King of the Visigoths
- Reign: 531 – c. June 548
- Predecessor: Amalaric
- Successor: Theudigisel
- Born: c. 480
- Died: c. June 548 (68 years)
- Religion: Arianism

= Theudis =

King of the Visigoths

Theudis (Note: Roger Collins notes that in the preambles of two church councils held in 546, he was referred to as "Theodoric," although Isidore of Seville calls him Theudis.) (Gothic: 𐌸𐌹𐌿𐌳𐌴𐌹𐍃, Þiudeis, Spanish: Teudis, Portuguese: Têudis), (c. 480 – June 548) was king of the Visigoths in Hispania from 531 to 548.

==Biography==
An Ostrogoth, he was the sword-bearer of Theodoric the Great, who sent him to govern the Visigothic kingdom during the minority of Amalaric, the son of king Alaric II and Theodegotha, the daughter of king Theodoric.

According to Procopius, during his governorship Theudis had married a Spanish woman who "belonged to the house of one of the wealthy inhabitants of that land, and not only possessed great wealth but also a great estate in Spain." With this wealth he was able to muster a private army of two thousand men, effectively making him independent of Theodoric's authority. Theodoric did not take any action against Theudis. One reason was that doing so would give the Franks, who had killed the Visigothic king Alaric in the Battle of Vouillé, an excuse to take to the field once again. Another was that Theudis was careful to obey the commands of his king, and never failed to send the annual tribute. (Note: Procopius, De bello Gothico I (V).12.50-54. Translated in H.B. Dewing, Procopius (London: Heinemann, 1968), vol. 3 pp. 131 - 131.)

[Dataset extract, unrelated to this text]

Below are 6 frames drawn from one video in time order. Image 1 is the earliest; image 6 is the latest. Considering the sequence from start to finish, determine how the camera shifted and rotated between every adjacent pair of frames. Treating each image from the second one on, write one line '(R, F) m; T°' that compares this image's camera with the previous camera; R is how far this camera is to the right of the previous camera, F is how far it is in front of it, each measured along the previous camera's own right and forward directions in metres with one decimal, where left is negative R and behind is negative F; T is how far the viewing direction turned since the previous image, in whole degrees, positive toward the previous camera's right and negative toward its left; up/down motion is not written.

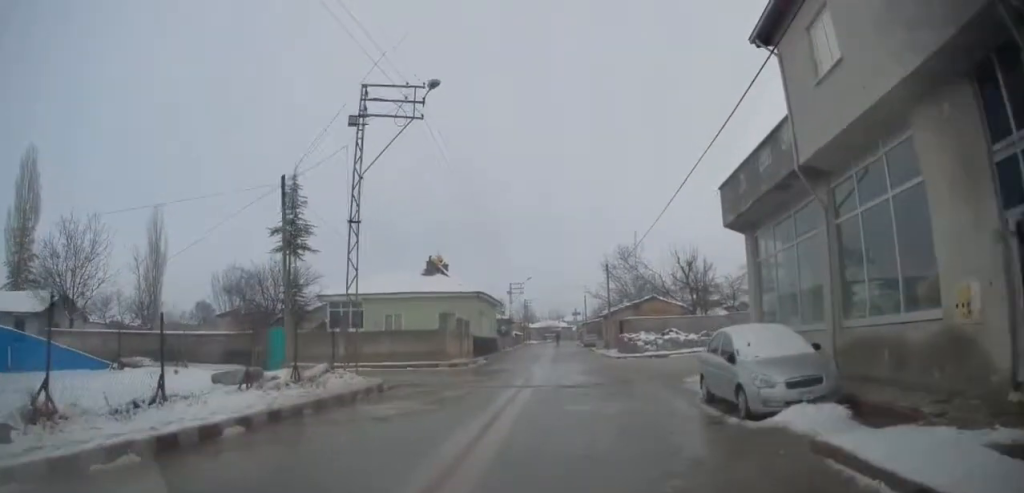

Following the assassination of Amalaric, last of the Balti dynasty, Theudis was elected king. Renown historian Herwig Wolfram believes one factor that led to his selection was support of fellow Ostrogoths who had gone west with him. Whereas historian Peter Heather posits a second, noting that two of Theudis' Italian relatives—Ildibad and Totila—became kings of the Ostrogoths following the fall of the House of Theodoric in the Gothic Wars, adding that they likely represented "a particularly powerful non-royal clan."

In 541, Theudis had to confront the Franks under Chlothar I and Childebert I, who had penetrated as far as Zaragoza, which they besieged for forty-nine days, but according to Gregory of Tours the Franks lifted their siege when they learned the city was protected by the relics of Saint Vincent of Saragossa. The primary sources disagree over the outcome of this Frankish invasion; for instance, Isidore of Seville writes that the future king Theudigisel, who was then a general of Theudis, had killed all of the invaders except a group which had bribed him to allow them to escape; while Gregory of Tours posits that "they succeeded in conquering a large part of Spain and they returned to Gaul with immense booty." Historian Roger Collins observes that this was the first Visigothic victory over their Frankish rivals—an achievement which undoubtedly added to Theudis' prestige.

Early in his reign, Theudis (533) received a delegation from the Vandal king Gelimer seeking help against the impending Byzantine assault. Theudis received them cordially, throwing a banquet in their honor, at which he asked them how matters were in Carthage. The envoys had traveled slowly to Hispania, and were out of contact with events in Africa; meanwhile a merchant ship, which had left Carthage the same day it fell to the Byzantines, encountered favorable winds and reached Hispania first with the news, which Theudis had known when the Vandal envoys arrived. So when they proposed an alliance against the Byzantines, Theudis declined. Instead, he told them to go to the sea-coast, "For from there you will learn of the affairs in Africa with certainty." Puzzled at this response, the envoys eventually followed his advice and returned to Carthage where they were taken prisoner by the victorious Byzantines. (Note: Procopius, De bello Vandalico I (III).24.7-18; translated by Dewing, vol. 2 pp. 197f.) Roger Collins suggests that Theudis exploited the Vandals' defeat by occupying a portion of North Africa opposite Spain. This would explain why in 542 the Visigoths made an unsuccessful attempt to come to the defense of Ceuta, when the Byzantines besieged it from land and sea. According to Isidore of Seville, the invading army refused to fight on the Sabbath, and when the Byzantines learned of this attacked the Visigoths and left not one alive.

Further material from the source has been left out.